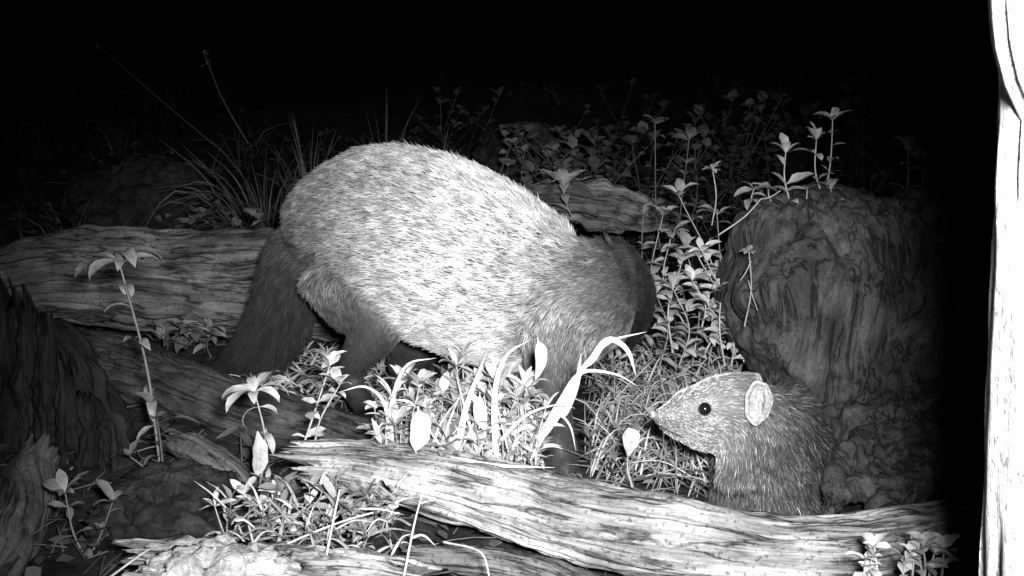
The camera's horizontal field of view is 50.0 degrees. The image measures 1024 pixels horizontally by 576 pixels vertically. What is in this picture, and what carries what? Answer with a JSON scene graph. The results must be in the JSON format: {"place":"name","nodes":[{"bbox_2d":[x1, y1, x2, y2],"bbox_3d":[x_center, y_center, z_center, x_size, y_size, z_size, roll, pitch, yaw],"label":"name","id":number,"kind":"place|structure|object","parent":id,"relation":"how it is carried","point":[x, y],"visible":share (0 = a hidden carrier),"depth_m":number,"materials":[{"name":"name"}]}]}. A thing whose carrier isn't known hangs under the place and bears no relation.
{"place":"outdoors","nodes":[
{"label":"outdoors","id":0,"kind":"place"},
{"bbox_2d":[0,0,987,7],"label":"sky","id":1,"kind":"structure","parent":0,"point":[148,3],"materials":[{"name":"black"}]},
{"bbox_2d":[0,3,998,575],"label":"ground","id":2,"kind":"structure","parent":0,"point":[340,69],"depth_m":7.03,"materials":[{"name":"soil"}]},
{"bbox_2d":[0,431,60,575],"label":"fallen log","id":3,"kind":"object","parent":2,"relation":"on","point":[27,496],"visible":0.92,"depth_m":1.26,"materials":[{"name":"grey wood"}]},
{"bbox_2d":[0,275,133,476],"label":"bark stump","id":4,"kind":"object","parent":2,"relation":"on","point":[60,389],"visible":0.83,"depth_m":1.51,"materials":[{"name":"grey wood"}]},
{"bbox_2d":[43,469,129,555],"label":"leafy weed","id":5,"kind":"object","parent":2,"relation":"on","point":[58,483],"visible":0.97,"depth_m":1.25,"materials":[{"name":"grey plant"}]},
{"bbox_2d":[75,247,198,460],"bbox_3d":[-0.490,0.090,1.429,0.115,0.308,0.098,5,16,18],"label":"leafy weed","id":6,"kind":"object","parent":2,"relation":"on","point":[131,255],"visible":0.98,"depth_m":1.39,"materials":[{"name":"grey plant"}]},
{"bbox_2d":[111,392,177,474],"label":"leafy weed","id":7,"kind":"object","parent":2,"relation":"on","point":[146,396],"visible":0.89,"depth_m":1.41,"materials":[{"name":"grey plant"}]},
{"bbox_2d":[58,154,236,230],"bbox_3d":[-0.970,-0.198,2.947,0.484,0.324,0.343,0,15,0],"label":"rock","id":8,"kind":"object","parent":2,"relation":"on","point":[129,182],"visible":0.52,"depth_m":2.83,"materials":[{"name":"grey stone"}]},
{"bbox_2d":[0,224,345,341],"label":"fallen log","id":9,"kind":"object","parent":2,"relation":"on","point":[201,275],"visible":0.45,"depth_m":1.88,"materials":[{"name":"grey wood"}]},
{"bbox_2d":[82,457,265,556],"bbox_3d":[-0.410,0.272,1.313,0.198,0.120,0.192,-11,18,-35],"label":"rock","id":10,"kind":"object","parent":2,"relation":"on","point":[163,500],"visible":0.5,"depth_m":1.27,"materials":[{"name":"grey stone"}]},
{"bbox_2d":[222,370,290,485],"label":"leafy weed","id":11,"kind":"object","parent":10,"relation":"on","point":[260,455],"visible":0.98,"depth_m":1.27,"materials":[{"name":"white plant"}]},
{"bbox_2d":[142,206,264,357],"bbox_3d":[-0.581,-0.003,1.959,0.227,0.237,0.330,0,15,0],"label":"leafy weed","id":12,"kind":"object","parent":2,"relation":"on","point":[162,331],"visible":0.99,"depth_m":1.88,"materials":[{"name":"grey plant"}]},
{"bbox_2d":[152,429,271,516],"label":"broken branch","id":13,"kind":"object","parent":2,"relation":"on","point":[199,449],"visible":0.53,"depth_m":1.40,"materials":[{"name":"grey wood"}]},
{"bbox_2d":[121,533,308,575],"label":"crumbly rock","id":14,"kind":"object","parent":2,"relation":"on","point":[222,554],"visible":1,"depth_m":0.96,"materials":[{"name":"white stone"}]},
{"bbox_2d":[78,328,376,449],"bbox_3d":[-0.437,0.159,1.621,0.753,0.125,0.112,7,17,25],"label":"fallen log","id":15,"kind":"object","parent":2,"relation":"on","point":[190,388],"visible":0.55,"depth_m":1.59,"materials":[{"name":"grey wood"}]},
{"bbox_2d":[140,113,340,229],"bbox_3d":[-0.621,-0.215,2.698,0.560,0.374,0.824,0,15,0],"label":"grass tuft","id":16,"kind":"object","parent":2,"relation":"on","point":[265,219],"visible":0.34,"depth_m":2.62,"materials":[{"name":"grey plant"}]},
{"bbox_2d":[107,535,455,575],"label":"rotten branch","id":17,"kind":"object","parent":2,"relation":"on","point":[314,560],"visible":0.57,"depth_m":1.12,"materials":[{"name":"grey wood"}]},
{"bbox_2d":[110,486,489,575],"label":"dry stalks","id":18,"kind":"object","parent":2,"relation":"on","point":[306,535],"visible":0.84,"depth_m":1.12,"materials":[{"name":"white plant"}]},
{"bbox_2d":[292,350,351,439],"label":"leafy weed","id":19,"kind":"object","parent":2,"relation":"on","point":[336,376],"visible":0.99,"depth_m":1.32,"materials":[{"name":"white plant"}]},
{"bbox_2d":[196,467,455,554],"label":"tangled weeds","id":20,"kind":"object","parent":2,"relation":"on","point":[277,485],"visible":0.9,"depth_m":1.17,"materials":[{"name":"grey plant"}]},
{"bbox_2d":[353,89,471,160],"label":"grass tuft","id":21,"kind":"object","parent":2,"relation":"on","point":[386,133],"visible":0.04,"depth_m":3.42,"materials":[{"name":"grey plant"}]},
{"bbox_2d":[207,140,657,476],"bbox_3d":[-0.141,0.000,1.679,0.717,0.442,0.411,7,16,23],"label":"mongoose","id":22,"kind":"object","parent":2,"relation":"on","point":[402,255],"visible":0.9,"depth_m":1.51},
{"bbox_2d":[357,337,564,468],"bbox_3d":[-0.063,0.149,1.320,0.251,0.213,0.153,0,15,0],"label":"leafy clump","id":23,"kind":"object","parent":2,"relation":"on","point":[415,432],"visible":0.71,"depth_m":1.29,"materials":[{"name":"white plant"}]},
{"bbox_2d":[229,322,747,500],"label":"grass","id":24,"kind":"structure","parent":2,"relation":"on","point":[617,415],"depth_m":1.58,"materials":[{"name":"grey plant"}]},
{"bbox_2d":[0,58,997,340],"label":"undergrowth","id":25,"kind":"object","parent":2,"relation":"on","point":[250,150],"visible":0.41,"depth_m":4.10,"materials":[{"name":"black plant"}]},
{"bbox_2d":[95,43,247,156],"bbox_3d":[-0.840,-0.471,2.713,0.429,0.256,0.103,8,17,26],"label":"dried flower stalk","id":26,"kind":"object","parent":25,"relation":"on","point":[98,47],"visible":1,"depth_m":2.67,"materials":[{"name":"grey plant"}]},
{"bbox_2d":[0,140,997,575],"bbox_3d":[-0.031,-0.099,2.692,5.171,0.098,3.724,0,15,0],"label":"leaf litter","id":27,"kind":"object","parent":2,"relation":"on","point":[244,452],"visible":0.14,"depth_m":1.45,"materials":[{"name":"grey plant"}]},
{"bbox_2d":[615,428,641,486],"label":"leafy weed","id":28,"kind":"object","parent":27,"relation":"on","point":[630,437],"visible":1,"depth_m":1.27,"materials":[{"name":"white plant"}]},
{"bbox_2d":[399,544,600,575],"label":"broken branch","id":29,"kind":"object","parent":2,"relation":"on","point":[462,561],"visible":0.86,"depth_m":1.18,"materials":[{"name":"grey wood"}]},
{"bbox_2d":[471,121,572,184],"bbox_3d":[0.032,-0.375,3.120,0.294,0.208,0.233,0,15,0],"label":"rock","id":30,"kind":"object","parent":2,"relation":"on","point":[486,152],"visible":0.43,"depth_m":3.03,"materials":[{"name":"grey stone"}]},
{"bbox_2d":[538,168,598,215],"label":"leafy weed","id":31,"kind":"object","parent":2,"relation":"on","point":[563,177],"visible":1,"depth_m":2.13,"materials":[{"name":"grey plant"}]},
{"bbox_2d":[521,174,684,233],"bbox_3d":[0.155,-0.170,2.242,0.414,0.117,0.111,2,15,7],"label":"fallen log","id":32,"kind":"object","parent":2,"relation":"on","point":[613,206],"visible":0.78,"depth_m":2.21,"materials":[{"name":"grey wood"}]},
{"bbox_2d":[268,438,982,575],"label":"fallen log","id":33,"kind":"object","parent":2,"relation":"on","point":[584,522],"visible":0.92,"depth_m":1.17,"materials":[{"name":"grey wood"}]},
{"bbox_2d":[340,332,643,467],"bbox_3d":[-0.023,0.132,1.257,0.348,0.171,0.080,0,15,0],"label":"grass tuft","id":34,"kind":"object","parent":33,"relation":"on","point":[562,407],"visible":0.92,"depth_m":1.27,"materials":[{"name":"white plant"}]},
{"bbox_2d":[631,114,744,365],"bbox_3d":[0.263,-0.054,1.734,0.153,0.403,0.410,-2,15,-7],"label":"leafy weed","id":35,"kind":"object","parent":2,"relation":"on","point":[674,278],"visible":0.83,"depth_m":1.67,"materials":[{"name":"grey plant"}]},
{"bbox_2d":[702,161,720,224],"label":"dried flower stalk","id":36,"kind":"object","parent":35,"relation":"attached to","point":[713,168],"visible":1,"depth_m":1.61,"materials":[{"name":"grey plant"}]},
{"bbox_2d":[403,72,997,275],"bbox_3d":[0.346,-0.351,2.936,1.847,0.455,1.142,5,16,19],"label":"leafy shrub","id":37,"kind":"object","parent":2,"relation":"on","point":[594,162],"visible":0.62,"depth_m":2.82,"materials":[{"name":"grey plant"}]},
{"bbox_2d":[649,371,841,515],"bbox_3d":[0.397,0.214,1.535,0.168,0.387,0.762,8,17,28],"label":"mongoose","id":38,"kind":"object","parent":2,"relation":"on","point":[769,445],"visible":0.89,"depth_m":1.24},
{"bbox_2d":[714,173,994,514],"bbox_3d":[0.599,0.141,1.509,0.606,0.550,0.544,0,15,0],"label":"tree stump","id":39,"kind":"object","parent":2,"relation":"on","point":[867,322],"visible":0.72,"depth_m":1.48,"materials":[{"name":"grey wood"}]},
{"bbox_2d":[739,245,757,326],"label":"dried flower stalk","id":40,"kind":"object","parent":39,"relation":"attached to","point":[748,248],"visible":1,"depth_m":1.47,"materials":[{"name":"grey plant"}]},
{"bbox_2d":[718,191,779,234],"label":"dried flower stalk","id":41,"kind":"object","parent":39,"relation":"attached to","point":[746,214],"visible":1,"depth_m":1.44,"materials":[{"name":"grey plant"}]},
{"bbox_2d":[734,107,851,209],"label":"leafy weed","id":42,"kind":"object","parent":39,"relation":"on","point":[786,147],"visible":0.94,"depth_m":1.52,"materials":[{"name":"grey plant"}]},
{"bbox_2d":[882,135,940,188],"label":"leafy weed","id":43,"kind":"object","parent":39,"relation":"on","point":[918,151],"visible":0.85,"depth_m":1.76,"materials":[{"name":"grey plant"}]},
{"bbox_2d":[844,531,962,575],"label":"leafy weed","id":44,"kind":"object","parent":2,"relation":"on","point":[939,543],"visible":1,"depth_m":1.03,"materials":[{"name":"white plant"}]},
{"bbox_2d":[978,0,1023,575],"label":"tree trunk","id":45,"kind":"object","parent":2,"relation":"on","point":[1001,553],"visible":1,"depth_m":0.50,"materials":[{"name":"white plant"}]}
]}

What is being asked
Each line above with the string "broken" should be reported in full.

Output for this exercise
{"bbox_2d":[152,429,271,516],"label":"broken branch","id":13,"kind":"object","parent":2,"relation":"on","point":[199,449],"visible":0.53,"depth_m":1.40,"materials":[{"name":"grey wood"}]},
{"bbox_2d":[399,544,600,575],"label":"broken branch","id":29,"kind":"object","parent":2,"relation":"on","point":[462,561],"visible":0.86,"depth_m":1.18,"materials":[{"name":"grey wood"}]},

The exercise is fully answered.